Did you know that there have been Eucharistic miracles affirming the Real Presence of Jesus Christ in the Eucharist throughout the centuries? For instance, consecrated hosts forming drops of blood, hosts transforming into human heart muscle, or hosts which remain perfectly preserved after hundreds of years. In fact, this feast of Corpus Christ was established by Pope Urban IV after one such Eucharistic miracle in 1263. Some Christian groups have beliefs about communion which bear some resemblances to the Catholic belief in the Real Presence; but Eucharistic miracles are not heard of within Anglican, Episcopalian, and Lutheran communions.

Did you know that Satanic worshipers affirm the truth of the Real Presence? When they seek out hosts to abuse and misuse in profoundly depraved ways, it is the Holy Communion of the Catholic Church that they seek to steal for use in “Black Masses.” Andrew, a friend of mine from seminary, used to spend his summers at a parish in Paris, France. There he met a former satanic worshiper who had returned to the Lord and the Catholic Church. Andrew asked him whether it was true that Satanists could sense the difference between a consecrated and unconsecrated Host. His Parisian friend informed Andrew this was true, that he and others used to identify consecrated hosts out of a line up as something of a test. How did he know which one was consecrated? Andrew’s friend answered, “You could tell which one was the Lord because that was the one you felt hatred towards.” If Satanists can believe in the Real Presence of Jesus in the Eucharist, then why can’t every Catholic?

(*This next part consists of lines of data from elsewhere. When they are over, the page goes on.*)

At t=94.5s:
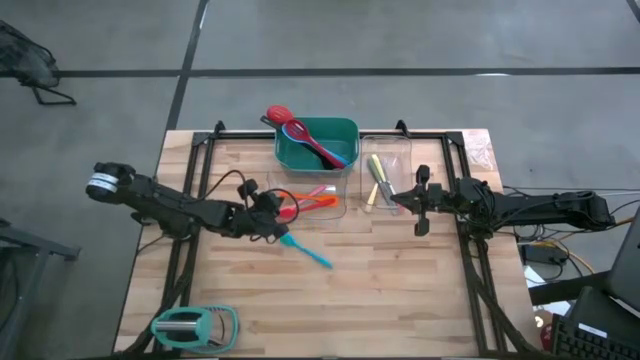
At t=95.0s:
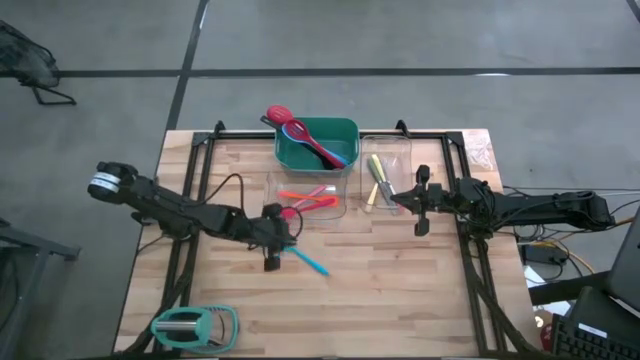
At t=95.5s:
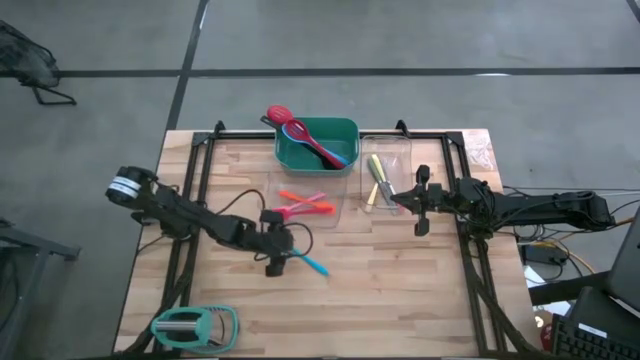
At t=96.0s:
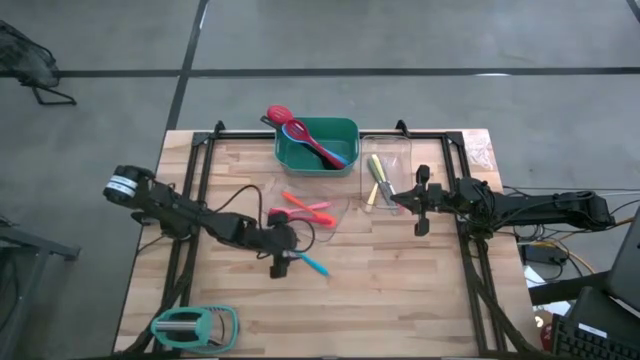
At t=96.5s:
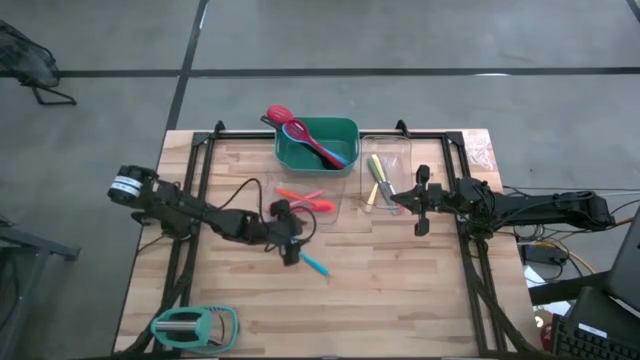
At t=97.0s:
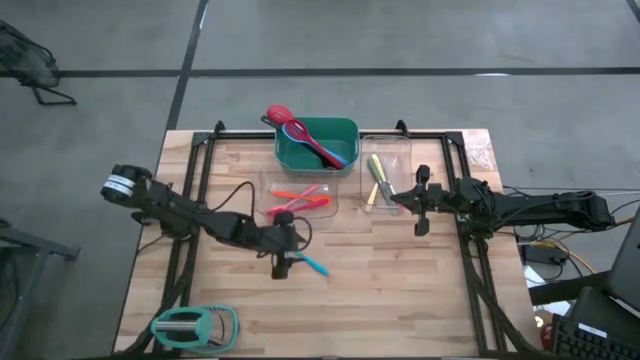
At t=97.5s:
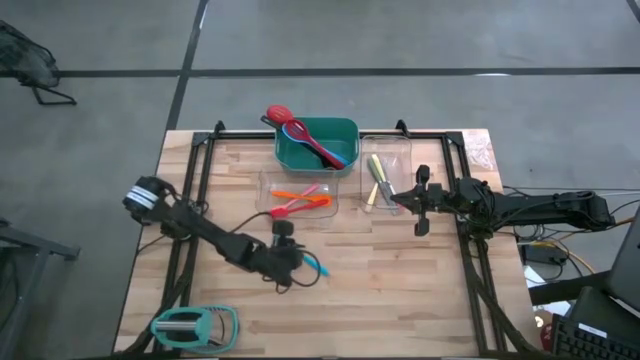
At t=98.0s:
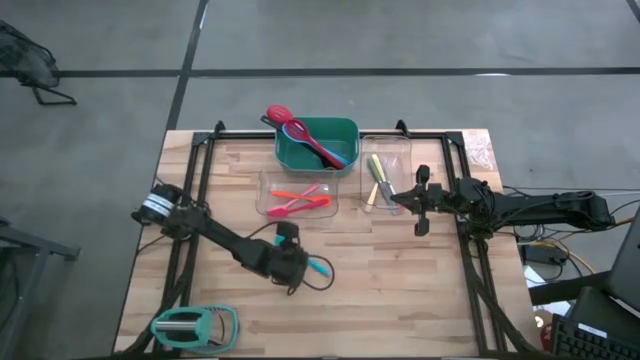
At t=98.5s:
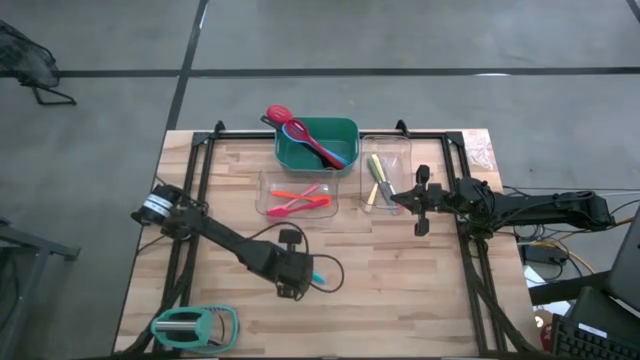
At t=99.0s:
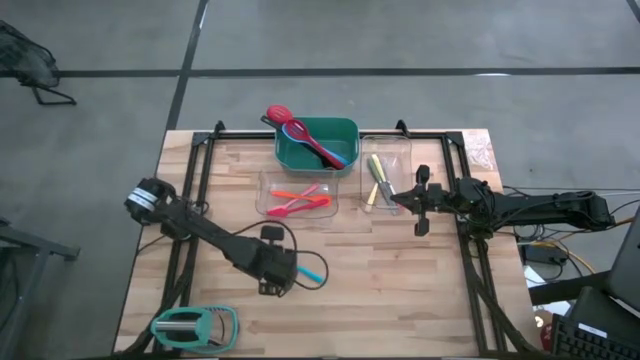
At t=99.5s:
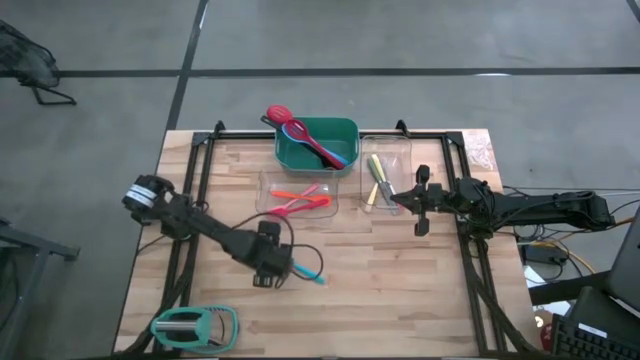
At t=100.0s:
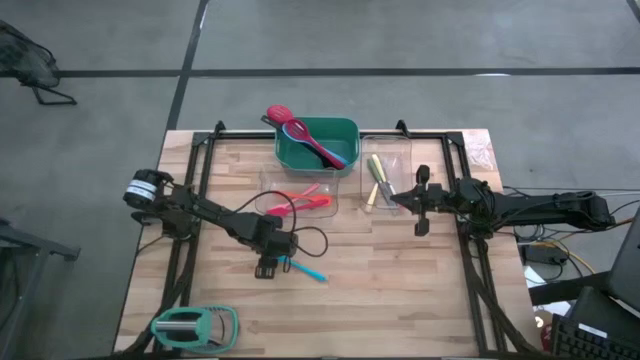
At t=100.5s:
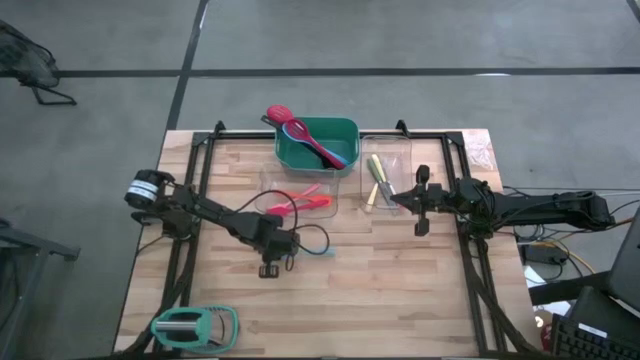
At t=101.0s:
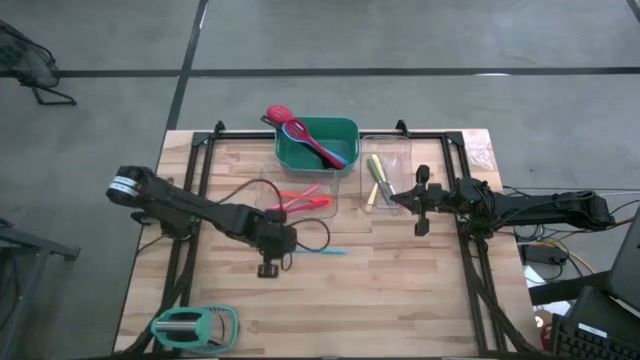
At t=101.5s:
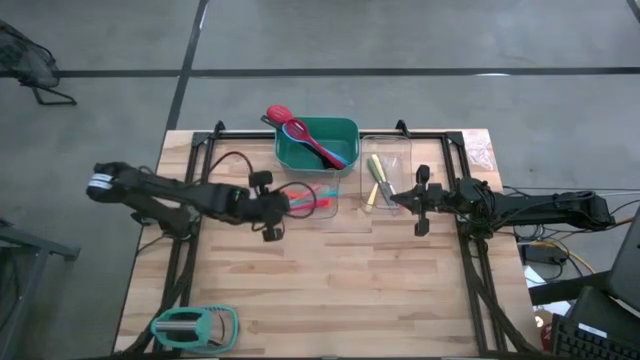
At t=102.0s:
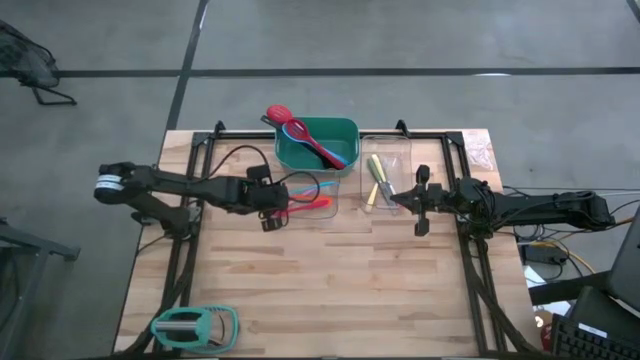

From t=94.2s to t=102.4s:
Put the blue spatula into the left transparent bin

When I was a boy I had good teachers in the faith. When they taught us about the Real Presence I asked, “Do we really, really believe that?” I mean I could understand a symbolic understanding. Thinking of the Eucharist as a symbol like the American flag, which reminds us of our blessings and of sacrifices made for our freedom, that came easily to me. However, my catechists challenged me when they assured me, “We really do believe that the bread and wine really, really becomes Him.” I researched whether the whole Church taught this, and found that it did. I studied whether the Church had always taught this, and discovered they had through the ages. I explored whether Scripture supported the belief in the Real Presence, and indeed, it did. Yet there was still an important piece missing.

When I was a boy, I would look around at the faces of other people at Mass and, though looks can be deceiving, they didn’t look as if they were kneeling before God Almighty. But then our parish got a new pastor, Fr. Paul Gitter. When he celebrated the Mass you could tell that he believed that he was holding Jesus in his hands. Because I knew that he believed, I could too. For the sake of our families and our neighbors, it is important that we give witness to our belief in the Real Presence, too.

[From here, I encouraged everyone to attend Marshfield’s Corpus Christi procession, June 26, 2011 with our bishop. More than 200 people processed on that beautiful Sunday, from Sacred Heart to Our Lady of Peace, witnessing to their belief in Jesus Christ as truly present in the Holy Eucharist.]